2. Register in `STRATEGIES`:
```python
STRATEGIES = {
    "custom": lambda text, chunk_size=200, overlap=0: my_custom_chunks(text, chunk_size, overlap),
    ...
}
```

3. Use via CLI:
```bash
rag-chunk analyze docs/ --strategy custom --chunk-size 180
```

## Project Structure

```
rag-chunk/
├── src/
│   ├── __init__.py
│   ├── parser.py       # Markdown parsing and cleaning
│   ├── chunker.py      # Chunking strategies
│   ├── scorer.py       # Retrieval and recall evaluation
│   └── cli.py          # Command-line interface
├── tests/
│   └── test_basic.py   # Unit tests
├── examples/
│   ├── rag_introduction.md
│   ├── chunking_strategies.md
│   ├── evaluation_metrics.md
│   └── questions.json
├── .chunks/            # Generated chunks (gitignored)
├── pyproject.toml
├── README.md
└── .gitignore
```

## License

MIT

## Note on Tokenization

By default, `--chunk-size` and `--overlap` count **words** (whitespace-based tokenization). This keeps the tool simple and dependency-free.
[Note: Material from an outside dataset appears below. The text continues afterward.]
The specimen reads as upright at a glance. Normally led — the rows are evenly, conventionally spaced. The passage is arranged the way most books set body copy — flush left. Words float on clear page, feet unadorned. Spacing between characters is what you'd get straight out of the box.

For precise token-level chunking that matches LLM token counts (e.g., OpenAI GPT models using subword tokenization), use the `--use-tiktoken` flag after installing the optional dependency:

```bash
pip install rag-chunk[tiktoken]
rag-chunk analyze docs/ --strategy fixed-size --chunk-size 512 --use-tiktoken
```

See the [Using Tiktoken](#using-tiktoken-for-precise-token-based-chunking) section for more details.